In fact, the combination of the high expectations placed on software usability by Millennials and the often cumbersome and unattractive enterprise applications that employers are offering (albeit on shiny devices) has all the hallmarks of a perfect storm.
This is a storm that will likely cast many employers as ‘tyrants’ who force young workers to use slow, DOS-esque business systems in which the company is heavily or irreversibly invested.
But it would be too simplistic to limit this discussion to mere design or layout preferences. It is the very manner in which Millennials communicate and consume content that is profoundly different from older generations.
For example, Millennials do not email friends asking if they want to go to the movies. Rather, they send PMs via services such as WhatsApp. Similarly, a Millennial does not primarily turn to traditional media to find out what is happening in the world. Instead, the Millennial consults his or her social media feeds for the latest news.
Ensuring employee retention through business software, then, does not seem like the obvious way to the Millennial’s heart. And for any company whose attitude to ERP can be summarised by the tautology ‘it is what it is’, that is certainly true.
For organisations that are more agile, however, the business system could be fashioned into something elegant, intuitive and personal.

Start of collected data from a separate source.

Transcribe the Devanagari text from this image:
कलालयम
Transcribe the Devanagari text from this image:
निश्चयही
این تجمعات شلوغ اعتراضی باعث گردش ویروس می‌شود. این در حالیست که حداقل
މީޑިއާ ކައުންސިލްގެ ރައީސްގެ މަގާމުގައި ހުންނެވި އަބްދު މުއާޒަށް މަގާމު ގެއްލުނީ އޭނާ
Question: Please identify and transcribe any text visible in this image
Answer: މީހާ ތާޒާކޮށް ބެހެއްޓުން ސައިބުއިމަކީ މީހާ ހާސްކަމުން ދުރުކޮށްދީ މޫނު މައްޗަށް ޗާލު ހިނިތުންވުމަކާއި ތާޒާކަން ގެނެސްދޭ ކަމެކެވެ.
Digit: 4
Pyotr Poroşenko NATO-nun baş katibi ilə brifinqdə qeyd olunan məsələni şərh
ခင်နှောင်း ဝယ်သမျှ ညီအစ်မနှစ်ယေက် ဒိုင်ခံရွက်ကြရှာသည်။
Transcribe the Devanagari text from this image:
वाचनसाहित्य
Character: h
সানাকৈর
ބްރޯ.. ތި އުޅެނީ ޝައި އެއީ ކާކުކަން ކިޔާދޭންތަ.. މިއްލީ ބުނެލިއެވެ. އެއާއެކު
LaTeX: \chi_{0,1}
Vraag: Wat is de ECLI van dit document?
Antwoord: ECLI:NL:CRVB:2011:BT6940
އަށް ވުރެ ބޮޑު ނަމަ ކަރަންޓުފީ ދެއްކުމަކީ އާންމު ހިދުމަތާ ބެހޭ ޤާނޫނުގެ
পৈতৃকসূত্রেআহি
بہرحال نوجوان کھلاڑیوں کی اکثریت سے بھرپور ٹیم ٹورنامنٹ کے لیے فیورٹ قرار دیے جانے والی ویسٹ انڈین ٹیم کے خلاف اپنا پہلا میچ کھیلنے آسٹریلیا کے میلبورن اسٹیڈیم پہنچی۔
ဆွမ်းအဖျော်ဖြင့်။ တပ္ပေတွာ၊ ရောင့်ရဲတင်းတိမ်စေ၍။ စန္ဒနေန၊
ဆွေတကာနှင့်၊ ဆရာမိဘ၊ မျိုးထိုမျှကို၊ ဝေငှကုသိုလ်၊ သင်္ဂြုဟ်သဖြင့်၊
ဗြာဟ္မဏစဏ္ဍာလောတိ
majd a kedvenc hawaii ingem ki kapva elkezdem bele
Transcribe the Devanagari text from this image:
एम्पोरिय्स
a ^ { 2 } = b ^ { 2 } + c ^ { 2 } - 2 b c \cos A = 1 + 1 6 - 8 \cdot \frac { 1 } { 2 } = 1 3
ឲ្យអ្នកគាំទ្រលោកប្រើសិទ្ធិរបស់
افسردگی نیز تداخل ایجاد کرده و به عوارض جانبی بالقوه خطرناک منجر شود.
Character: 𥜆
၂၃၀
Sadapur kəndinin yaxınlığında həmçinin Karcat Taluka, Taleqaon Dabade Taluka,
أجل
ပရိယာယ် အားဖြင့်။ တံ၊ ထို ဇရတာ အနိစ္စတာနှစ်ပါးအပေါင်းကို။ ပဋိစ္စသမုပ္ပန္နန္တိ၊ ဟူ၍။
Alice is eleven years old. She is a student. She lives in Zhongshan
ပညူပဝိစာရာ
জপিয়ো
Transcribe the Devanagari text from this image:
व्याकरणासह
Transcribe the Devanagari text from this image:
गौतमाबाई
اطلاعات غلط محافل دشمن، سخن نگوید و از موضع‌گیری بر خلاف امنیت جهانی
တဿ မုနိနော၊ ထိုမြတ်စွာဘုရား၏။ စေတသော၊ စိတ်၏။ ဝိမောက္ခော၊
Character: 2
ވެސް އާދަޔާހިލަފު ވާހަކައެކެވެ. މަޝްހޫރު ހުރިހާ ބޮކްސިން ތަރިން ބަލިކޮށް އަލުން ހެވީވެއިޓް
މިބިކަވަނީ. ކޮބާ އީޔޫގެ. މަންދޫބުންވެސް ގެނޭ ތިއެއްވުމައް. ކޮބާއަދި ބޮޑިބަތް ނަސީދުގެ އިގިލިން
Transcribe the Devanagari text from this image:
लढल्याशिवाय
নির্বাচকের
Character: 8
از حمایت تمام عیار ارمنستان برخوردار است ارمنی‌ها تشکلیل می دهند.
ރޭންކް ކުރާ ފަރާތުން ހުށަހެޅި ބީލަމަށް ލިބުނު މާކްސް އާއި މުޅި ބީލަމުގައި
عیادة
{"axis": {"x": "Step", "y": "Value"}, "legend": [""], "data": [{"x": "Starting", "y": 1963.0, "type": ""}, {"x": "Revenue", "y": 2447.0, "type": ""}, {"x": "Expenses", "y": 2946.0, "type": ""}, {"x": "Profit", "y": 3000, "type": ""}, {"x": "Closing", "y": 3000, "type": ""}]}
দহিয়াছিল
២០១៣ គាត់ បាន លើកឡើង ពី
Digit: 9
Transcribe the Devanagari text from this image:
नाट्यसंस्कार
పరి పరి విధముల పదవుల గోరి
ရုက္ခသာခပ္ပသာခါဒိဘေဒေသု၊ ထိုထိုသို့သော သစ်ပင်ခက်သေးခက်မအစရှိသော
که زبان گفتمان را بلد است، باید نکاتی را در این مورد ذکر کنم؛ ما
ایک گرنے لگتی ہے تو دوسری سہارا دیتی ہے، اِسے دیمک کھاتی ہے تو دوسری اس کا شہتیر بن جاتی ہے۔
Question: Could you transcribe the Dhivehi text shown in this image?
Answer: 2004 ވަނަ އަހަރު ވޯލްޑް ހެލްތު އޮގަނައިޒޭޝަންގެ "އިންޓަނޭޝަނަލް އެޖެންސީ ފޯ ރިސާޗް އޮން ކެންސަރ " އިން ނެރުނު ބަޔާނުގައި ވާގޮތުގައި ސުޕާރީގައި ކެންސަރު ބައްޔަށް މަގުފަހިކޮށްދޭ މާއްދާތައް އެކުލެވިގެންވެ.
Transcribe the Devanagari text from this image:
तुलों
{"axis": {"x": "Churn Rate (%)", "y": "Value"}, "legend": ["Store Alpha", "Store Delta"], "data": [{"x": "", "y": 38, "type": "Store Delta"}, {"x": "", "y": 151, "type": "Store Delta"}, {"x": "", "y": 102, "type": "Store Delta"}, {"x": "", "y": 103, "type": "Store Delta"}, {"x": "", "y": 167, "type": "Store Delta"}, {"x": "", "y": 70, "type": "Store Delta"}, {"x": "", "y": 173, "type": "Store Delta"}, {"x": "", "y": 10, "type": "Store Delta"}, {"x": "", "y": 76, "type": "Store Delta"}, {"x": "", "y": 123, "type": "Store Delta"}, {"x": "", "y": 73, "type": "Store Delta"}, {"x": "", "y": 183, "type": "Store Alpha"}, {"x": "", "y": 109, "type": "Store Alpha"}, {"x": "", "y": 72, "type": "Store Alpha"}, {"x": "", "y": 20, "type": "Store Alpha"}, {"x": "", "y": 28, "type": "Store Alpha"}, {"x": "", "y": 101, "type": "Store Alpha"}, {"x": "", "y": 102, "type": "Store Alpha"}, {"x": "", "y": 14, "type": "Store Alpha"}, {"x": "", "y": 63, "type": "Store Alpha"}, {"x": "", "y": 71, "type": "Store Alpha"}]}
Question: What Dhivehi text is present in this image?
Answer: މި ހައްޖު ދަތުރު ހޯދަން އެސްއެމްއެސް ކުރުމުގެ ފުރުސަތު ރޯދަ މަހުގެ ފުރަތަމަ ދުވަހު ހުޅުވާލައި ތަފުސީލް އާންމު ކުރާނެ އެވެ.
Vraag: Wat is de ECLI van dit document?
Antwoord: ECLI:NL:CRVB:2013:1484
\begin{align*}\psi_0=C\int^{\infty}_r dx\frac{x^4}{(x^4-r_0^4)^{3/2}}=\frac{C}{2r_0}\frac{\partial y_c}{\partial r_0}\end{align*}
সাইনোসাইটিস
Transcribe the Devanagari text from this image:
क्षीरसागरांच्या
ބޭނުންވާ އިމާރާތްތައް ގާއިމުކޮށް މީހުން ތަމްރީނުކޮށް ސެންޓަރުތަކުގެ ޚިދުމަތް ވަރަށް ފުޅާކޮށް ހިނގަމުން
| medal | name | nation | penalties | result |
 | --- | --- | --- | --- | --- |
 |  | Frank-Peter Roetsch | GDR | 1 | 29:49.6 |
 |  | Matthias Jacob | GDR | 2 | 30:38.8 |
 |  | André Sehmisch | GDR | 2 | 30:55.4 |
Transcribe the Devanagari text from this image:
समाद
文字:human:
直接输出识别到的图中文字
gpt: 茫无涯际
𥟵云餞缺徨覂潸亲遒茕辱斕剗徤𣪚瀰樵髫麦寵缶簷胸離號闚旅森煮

User experience is the answer
So here are some points for decision-makers to consider:
Hardware isn’t enough to retain young talent. If you want to appeal to the Millennial Generation, don’t forget to complement hardware investments such as smartphones and tablets with similar investments in software.
Speak with your software vendors about the possibilities of lifting out commonly recurring processes (for an ERP system, this might be something like time and travel reporting) from the back-end system to mobile applications.
Usability is king. This point cannot be overstated when talking about the Millennials’ expectations on their work tools. It is clear that offering an intuitive, appealing and highly configurable work environment plays a major role in user satisfaction and, in the long run, employee retention.
Active engagement with the ERP system. Millennials have developed their own way of communicating and consuming information. Why fight it when this instinct can be harnessed within the bounds of the business system? For example, notification features that actively alert the user when a change happens in an item or process that relates to the employee’s work.
Tap the potential of social. Millennials gravitate towards teamwork rather than independent problem solving. Nowhere is that observation more apparent than in social media, where all aspects of life are posted, photographed, tagged and shared. So why not harness this instinct to improve internal communication and cooperation in your business?
Don’t worry, they come in peace
Despite some of the more alarmist accounts of the expected havoc the Millennials will wreak in the workplace, they are the next wave of workers and their pragmatic approach can offer more opportunity than harm. Like most generations before them, they will work hard for any organisation that works hard for them.
And like any generation, they want to work and prosper on their own terms, using the tools that they trust. In the context of business, this entails quick and easy access to data, visually appealing, fully customisable interfaces and — if at all possible — a way to communicate with colleagues in a social media setting.
Given the sheer size of the Millennial Generation, that seems like a small price to pay if it means happy and loyal employees.